[Extracted data entries]
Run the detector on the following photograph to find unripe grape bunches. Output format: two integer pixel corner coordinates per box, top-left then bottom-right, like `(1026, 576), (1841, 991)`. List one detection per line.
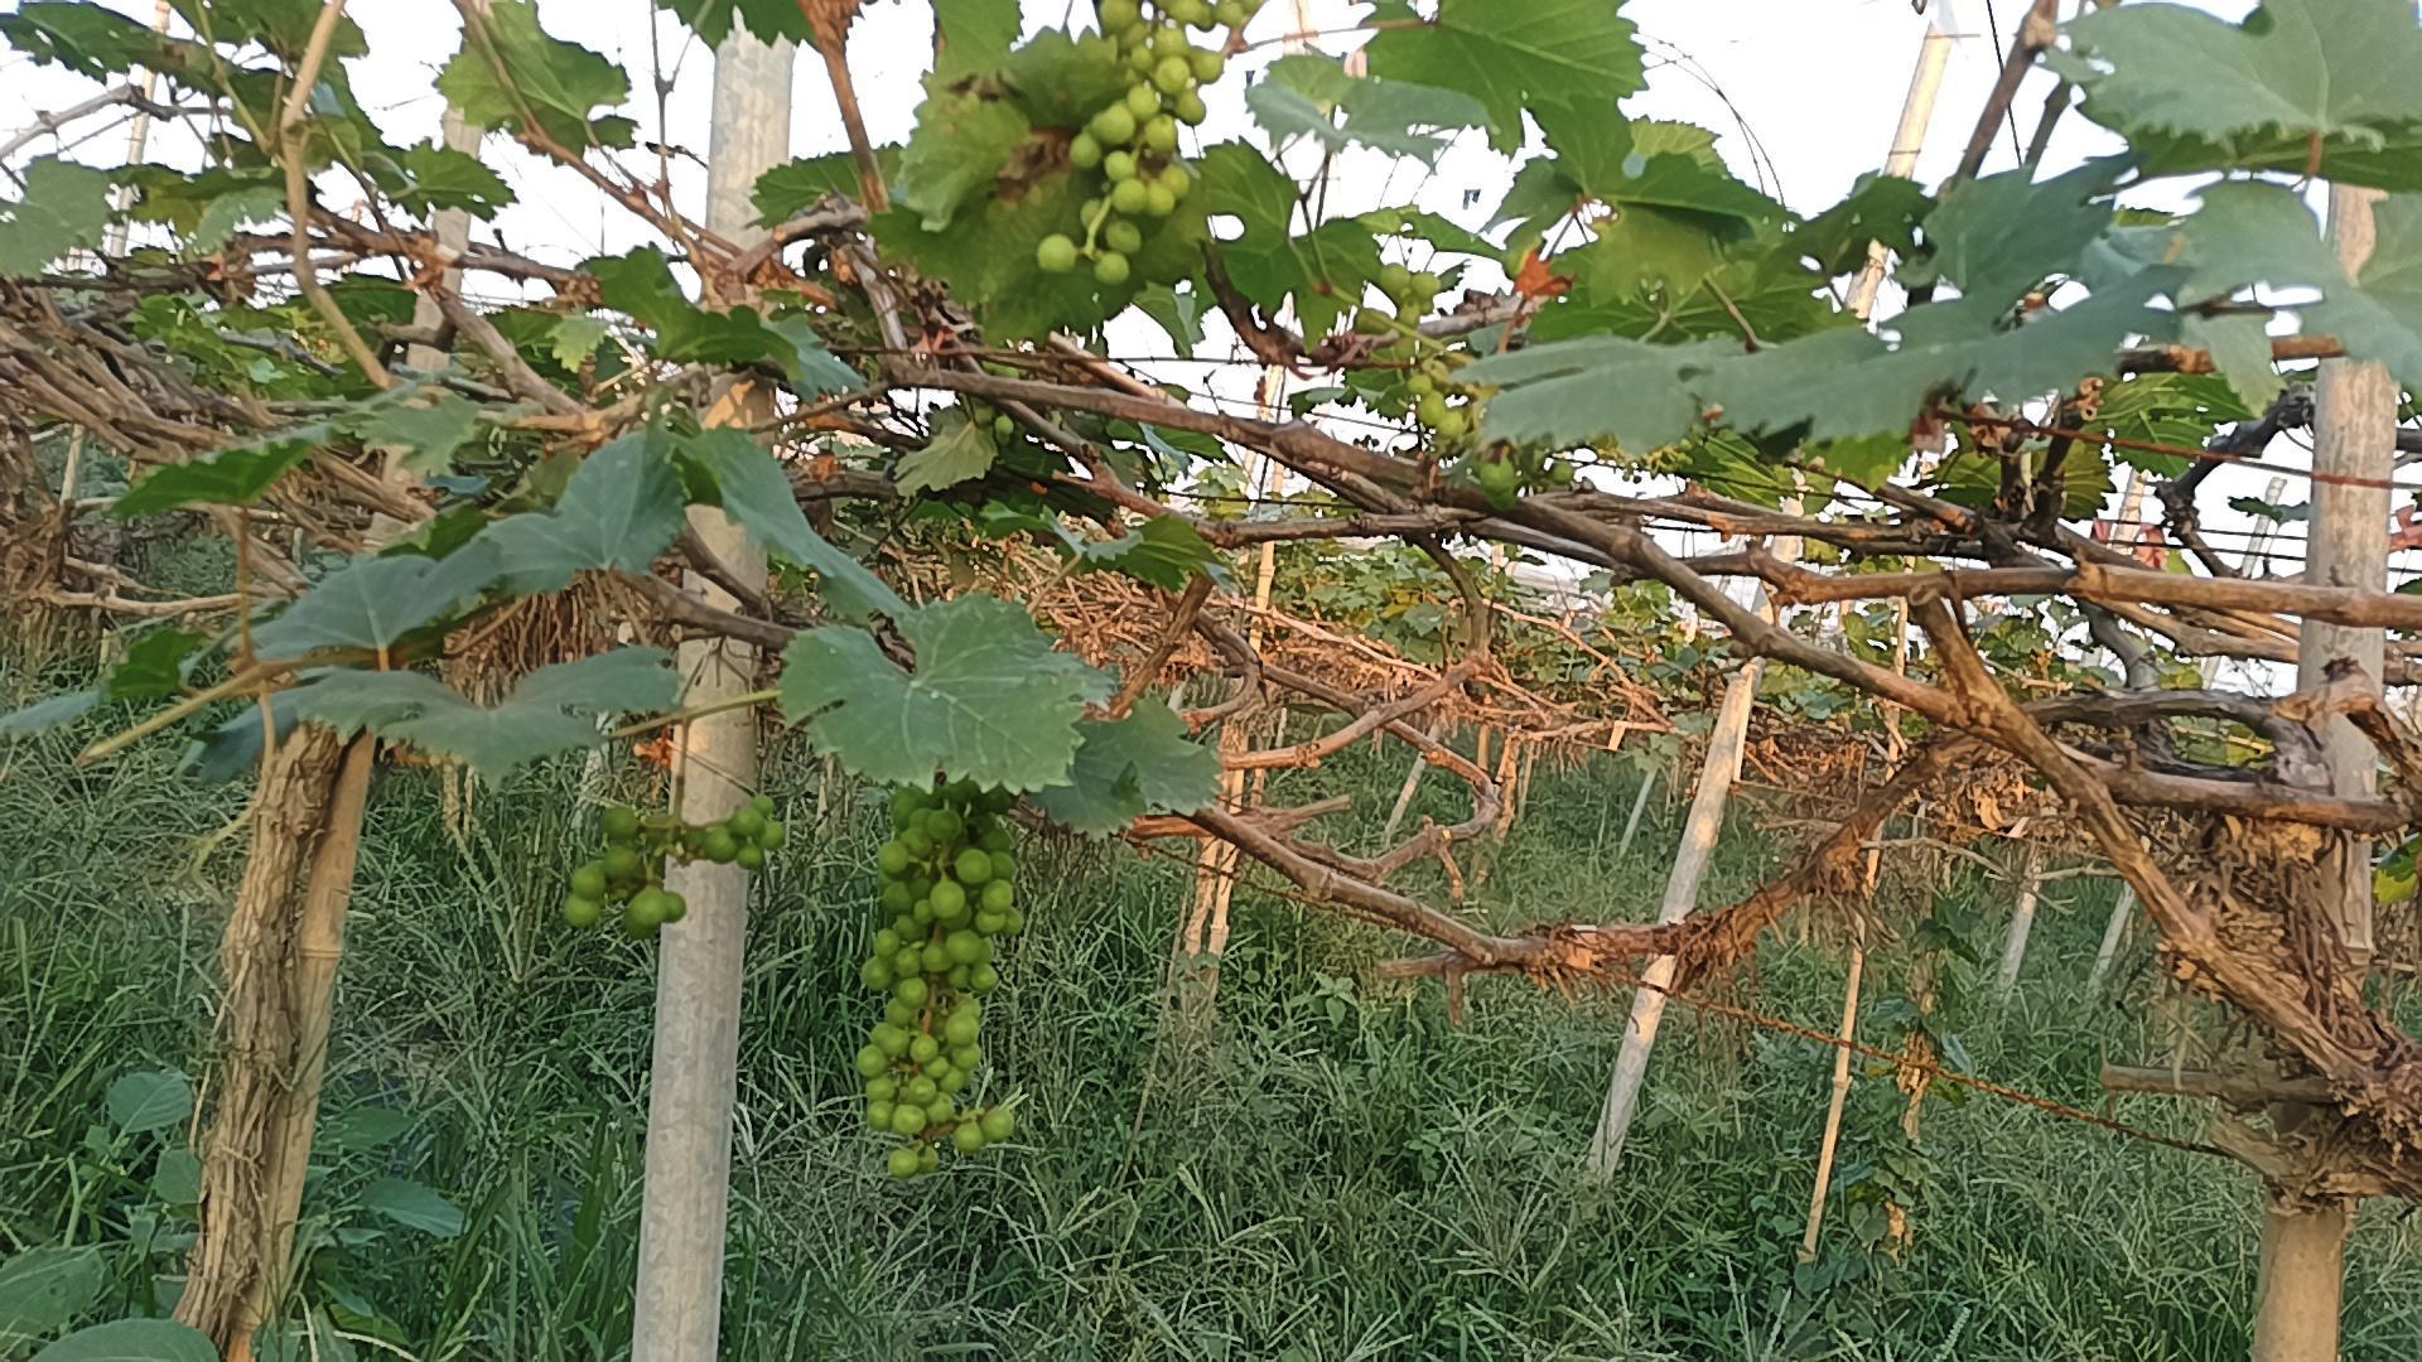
(559, 796), (786, 936)
(1352, 264), (1572, 501)
(854, 782), (1021, 1178)
(968, 406), (1014, 449)
(1036, 0), (1251, 285)

**PROBLEM STATEMENT:** Repeat every line above exactly, minus the pictures.

**SOLUTION FOR THIS EXERCISE:**
Run the detector on the following photograph to find unripe grape bunches. Output format: two integer pixel corner coordinates per box, top-left then bottom-right, like `(1026, 576), (1841, 991)`. List one detection per line.
(559, 796), (786, 936)
(1352, 264), (1572, 501)
(854, 782), (1021, 1178)
(968, 406), (1014, 449)
(1036, 0), (1251, 285)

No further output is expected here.